You can adjust qa_model for question answering and judge_model for LLM-as-a-Judge evaluation in run_traced_evaluation.sh. You can also tune qa_batch_size and judge_batch_size based on your API limits. Make sure top_k matches the value used in run_traced_search.sh, and set end_idx according to the sample_size used in run_traced_construction.sh. To reproduce the execution-graph data generation in the MemTrace paper, use GPT-4.1 mini as the question-answering model and Claude Opus 4.5 as the judge model. For RealMem, memory evaluation is completed during memory construction, and its question-answering model, judge model, API config path can be adjusted in realmem_eval_config.json.

Note

This example focuses on tracing the memory lifecycle and reproducing the execution-graph data generation used in the MemTrace paper. If you also use these scripts for memory-system performance evaluation, please note the following protocol details.

For Long-Context, we recommend setting context_window in long_context_config.json to 200000, since recent long-context models commonly support much larger context windows.
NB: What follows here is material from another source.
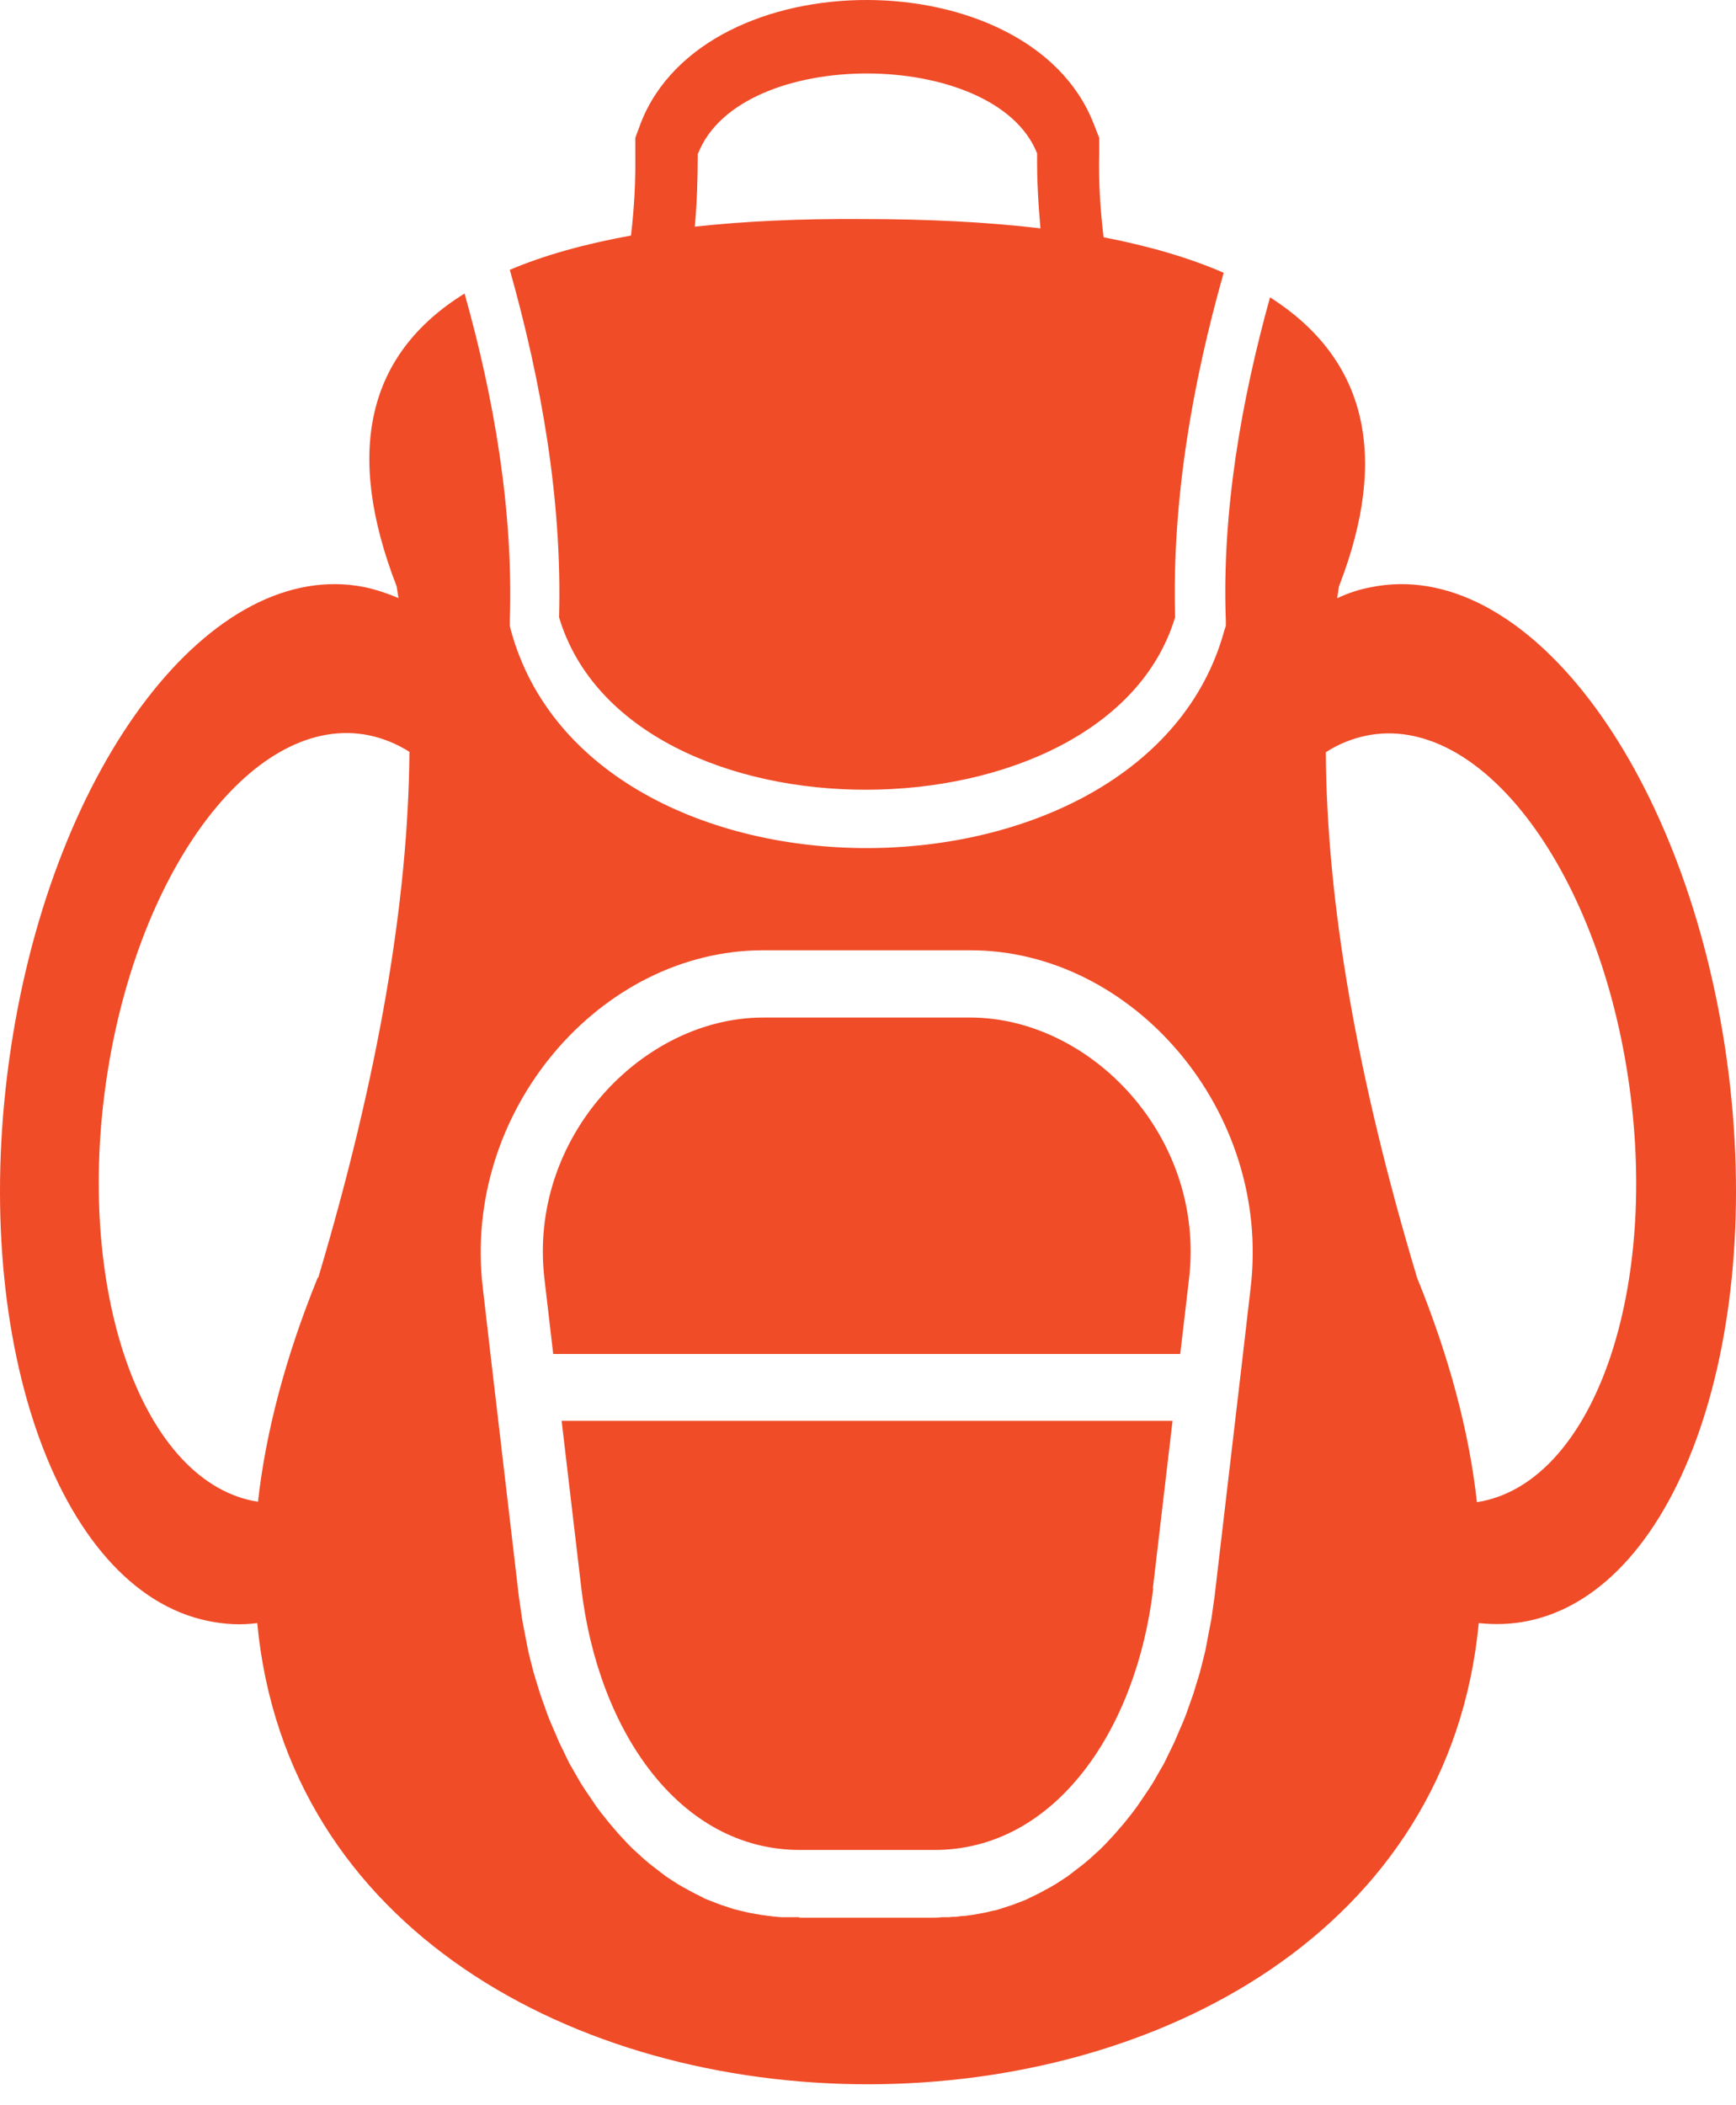 <svg width="33" height="40" viewBox="0 0 33 40" fill="none" xmlns="http://www.w3.org/2000/svg">
<path fill-rule="evenodd" clip-rule="evenodd" d="M6.049 24.279C7.186 20.468 7.762 17.131 7.783 14.285C7.54 14.132 7.284 14.028 7.013 13.971C4.869 13.537 2.642 16.44 2.032 20.452C1.421 24.472 2.67 28.082 4.807 28.517C4.842 28.517 4.876 28.533 4.904 28.533C5.05 27.23 5.417 25.807 6.042 24.271L6.049 24.279ZM11.994 4.476C12.056 3.961 12.084 3.446 12.077 2.924V2.618L12.181 2.337C13.402 -0.791 19.563 -0.767 20.784 2.337L20.895 2.618V2.924C20.881 3.454 20.916 3.985 20.978 4.508C21.852 4.677 22.615 4.902 23.261 5.183C22.664 7.29 22.276 9.517 22.338 11.728C21.034 16.062 11.945 16.134 10.627 11.728C10.69 9.501 10.287 7.241 9.691 5.127C10.336 4.853 11.106 4.636 11.994 4.476ZM13.264 2.908C13.264 3.374 13.25 3.84 13.208 4.307C14.159 4.202 15.213 4.154 16.379 4.162C17.634 4.162 18.765 4.218 19.778 4.339C19.736 3.864 19.709 3.39 19.715 2.916C18.925 0.906 14.068 0.873 13.271 2.916L13.264 2.908ZM7.575 11.366L7.54 11.141C6.548 8.584 6.978 6.727 8.831 5.577C9.393 7.571 9.76 9.702 9.691 11.792V11.889L9.712 11.977C11.224 17.525 21.783 17.461 23.274 11.977L23.302 11.889V11.792C23.226 9.726 23.594 7.627 24.142 5.649C25.959 6.807 26.424 8.64 25.453 11.141L25.418 11.366C25.626 11.27 25.841 11.197 26.063 11.157C28.956 10.57 31.967 14.486 32.793 19.913C33.611 25.341 31.933 30.213 29.04 30.8C28.727 30.864 28.422 30.872 28.11 30.84C26.993 42.523 6 42.523 4.89 30.84C4.578 30.881 4.273 30.864 3.96 30.8C1.068 30.213 -0.611 25.341 0.207 19.913C1.026 14.486 4.037 10.57 6.937 11.157C7.159 11.205 7.374 11.278 7.582 11.366H7.575ZM25.203 14.285C25.217 17.131 25.793 20.468 26.938 24.279C27.562 25.815 27.93 27.23 28.075 28.541L28.172 28.525C30.316 28.09 31.558 24.48 30.947 20.46C30.337 16.44 28.11 13.537 25.966 13.979C25.696 14.036 25.439 14.14 25.203 14.293V14.285ZM15.199 36.428C15.151 36.428 15.102 36.428 15.053 36.428C15.005 36.428 14.956 36.428 14.908 36.428C14.859 36.428 14.811 36.428 14.769 36.42C14.72 36.42 14.679 36.412 14.63 36.404C14.582 36.404 14.54 36.388 14.492 36.388L14.353 36.364C14.311 36.356 14.263 36.348 14.221 36.34C14.179 36.332 14.131 36.316 14.089 36.308L13.957 36.276L13.832 36.235L13.708 36.195C13.666 36.179 13.624 36.163 13.583 36.147C13.541 36.131 13.499 36.115 13.458 36.099C13.416 36.083 13.375 36.067 13.34 36.042C13.298 36.026 13.264 36.002 13.222 35.986L13.104 35.922L12.986 35.858L12.875 35.793L12.764 35.721L12.653 35.648L12.549 35.568L12.445 35.488L12.341 35.407L12.237 35.319L12.14 35.23L12.043 35.142L11.945 35.045L11.855 34.949L11.765 34.852L11.675 34.748L11.585 34.643L11.502 34.539L11.418 34.434L11.335 34.322L11.259 34.209L11.182 34.097L11.106 33.984L11.03 33.864L10.96 33.743L10.891 33.622L10.822 33.502L10.759 33.373L10.697 33.244L10.634 33.116L10.579 32.987L10.523 32.858L10.468 32.73L10.412 32.593L10.364 32.456L10.315 32.32L10.267 32.183L10.225 32.046L10.183 31.91L10.142 31.773L10.107 31.636L10.072 31.5L10.038 31.355L10.01 31.21L9.982 31.065L9.954 30.921L9.927 30.776L9.906 30.631L9.885 30.486L9.864 30.342L9.323 25.727L9.177 24.464C8.782 21.111 11.411 18.056 14.505 18.056H18.446C21.54 18.056 24.169 21.111 23.774 24.464L23.628 25.727L23.087 30.342L23.066 30.486L23.046 30.631L23.025 30.776L22.997 30.921L22.969 31.065L22.942 31.21L22.914 31.355L22.879 31.5L22.844 31.636L22.81 31.773L22.768 31.91L22.726 32.046L22.685 32.183L22.636 32.32L22.588 32.456L22.539 32.593L22.484 32.73L22.428 32.858L22.373 32.987L22.317 33.116L22.255 33.244L22.192 33.373L22.13 33.502L22.06 33.622L21.991 33.743L21.922 33.864L21.845 33.984L21.769 34.097L21.693 34.209L21.616 34.322L21.533 34.434L21.45 34.539L21.367 34.643L21.276 34.748L21.186 34.852L21.096 34.949L21.006 35.045L20.909 35.142L20.812 35.23L20.715 35.319L20.61 35.407C20.61 35.407 20.541 35.464 20.506 35.488L20.402 35.568L20.298 35.648L20.187 35.721L20.076 35.793L19.965 35.858L19.847 35.922L19.729 35.986C19.688 36.002 19.653 36.026 19.611 36.042L19.494 36.099L19.369 36.147C19.327 36.163 19.285 36.179 19.244 36.195L19.119 36.235C19.077 36.252 19.036 36.26 18.994 36.276C18.952 36.292 18.911 36.3 18.862 36.308C18.821 36.316 18.772 36.332 18.73 36.34C18.689 36.348 18.64 36.356 18.599 36.364L18.46 36.388C18.411 36.388 18.37 36.404 18.321 36.404C18.273 36.404 18.231 36.412 18.182 36.42C18.134 36.42 18.085 36.42 18.044 36.428H17.898C17.849 36.437 17.801 36.437 17.752 36.437H15.192L15.199 36.428ZM10.523 25.727H22.435L22.602 24.303C22.921 21.594 20.728 19.334 18.446 19.334H14.505C12.223 19.334 10.031 21.602 10.35 24.303L10.516 25.727H10.523ZM21.915 30.181L22.289 26.997H10.676L11.051 30.181C11.37 32.891 12.917 35.15 15.206 35.15H17.766C20.049 35.15 21.602 32.883 21.922 30.181H21.915Z" fill="#F04C28"/>
</svg>

For EverMemOS, use the corrected reranker deployment command below for performance-sensitive runs:

CUDA_VISIBLE_DEVICES=0 vllm serve pretrained_models/Qwen3-Reranker-4B \
    --port 8001 \
    --served-model-name Qwen3-Reranker-4B \
    --gpu-memory-utilization 0.4 \
    --hf_overrides '{"architectures": ["Qwen3ForSequenceClassification"], "classifier_from_token": ["no", "yes"], "is_original_qwen3_reranker": true}'

For LoCoMo, we treat it as a multi-user conversation dataset. Both speakers are represented as users, and one shared memory layer is maintained for the whole trajectory. This differs from some prior LoCoMo evaluation setups that convert the data into human-assistant dialogues or maintain separate memories per speaker. Because of this protocol difference, performance numbers may not be directly comparable to those reported by such scripts.